▶ _TASK DESCRIPTION_
Where an entry below contains an image, skip the image and reproduce the rest exactly.

▶ _DATA LISTING_
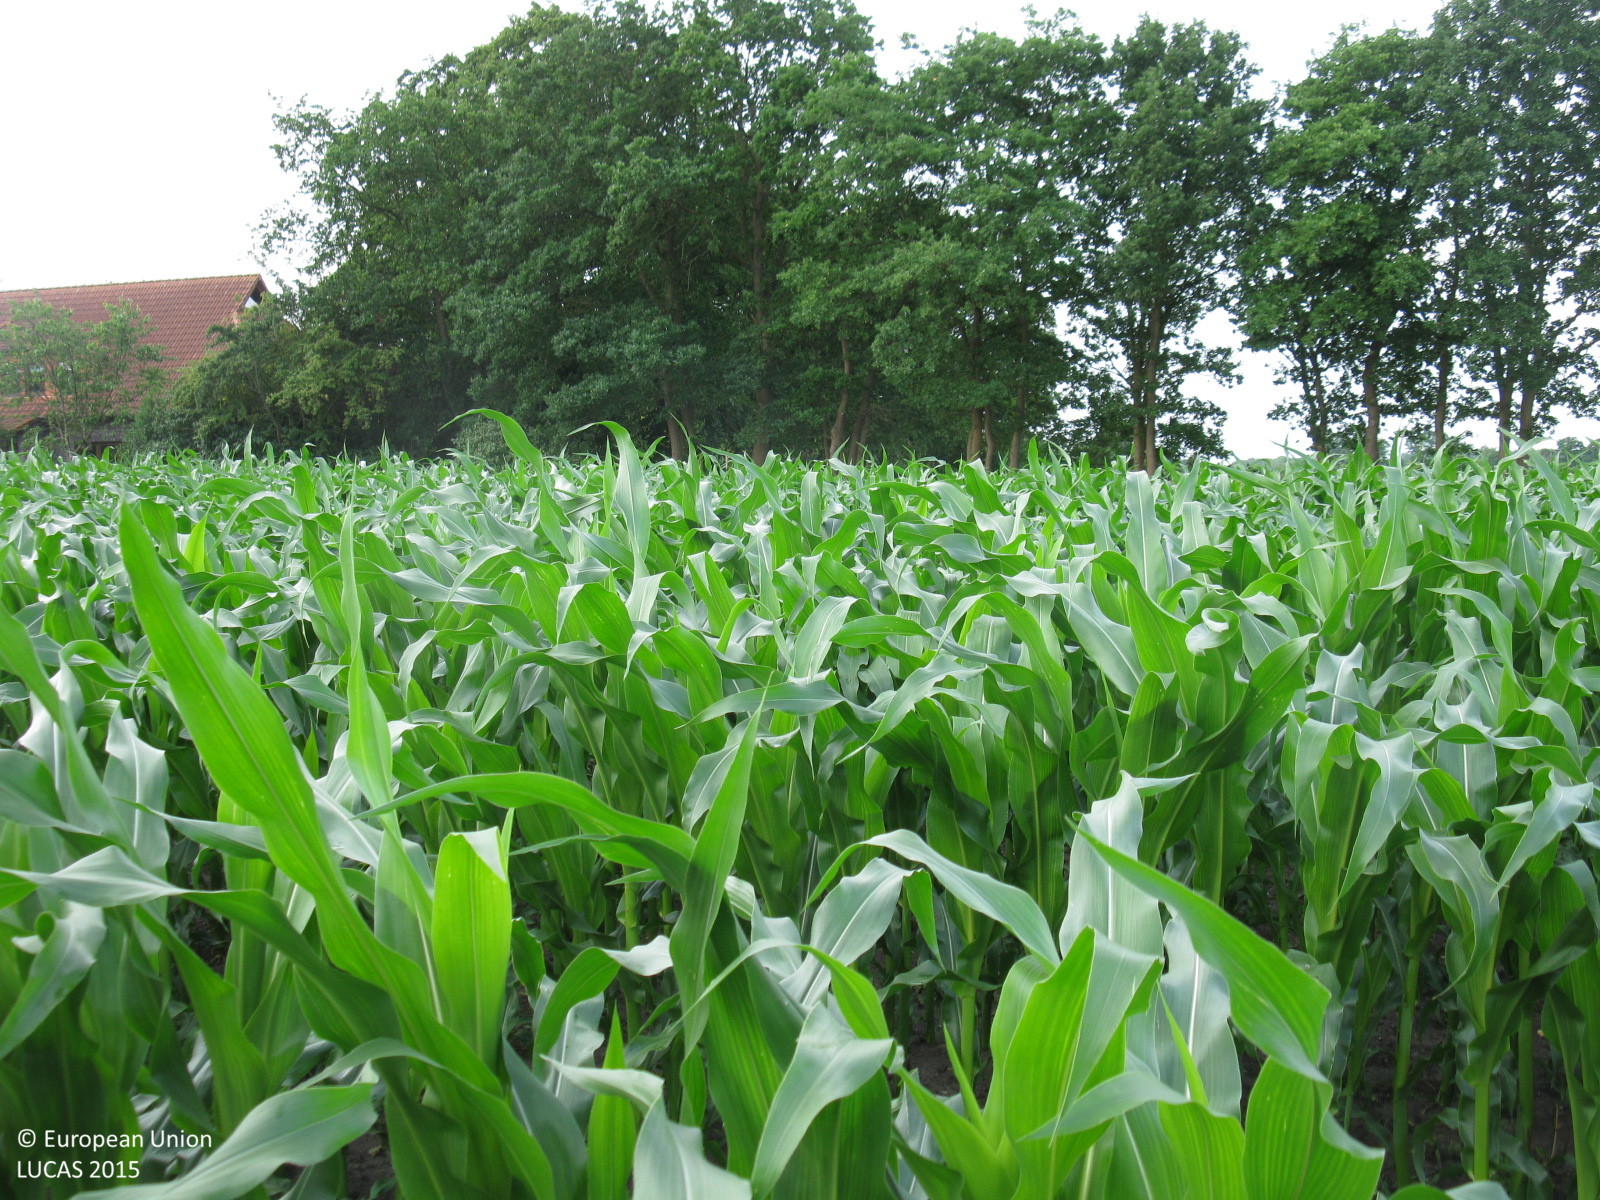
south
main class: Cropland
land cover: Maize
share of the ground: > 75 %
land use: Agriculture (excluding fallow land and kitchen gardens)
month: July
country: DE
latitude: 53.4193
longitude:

▶ _ANSWER_
south
main class: Cropland
land cover: Maize
share of the ground: > 75 %
land use: Agriculture (excluding fallow land and kitchen gardens)
month: July
country: DE
latitude: 53.4193
longitude:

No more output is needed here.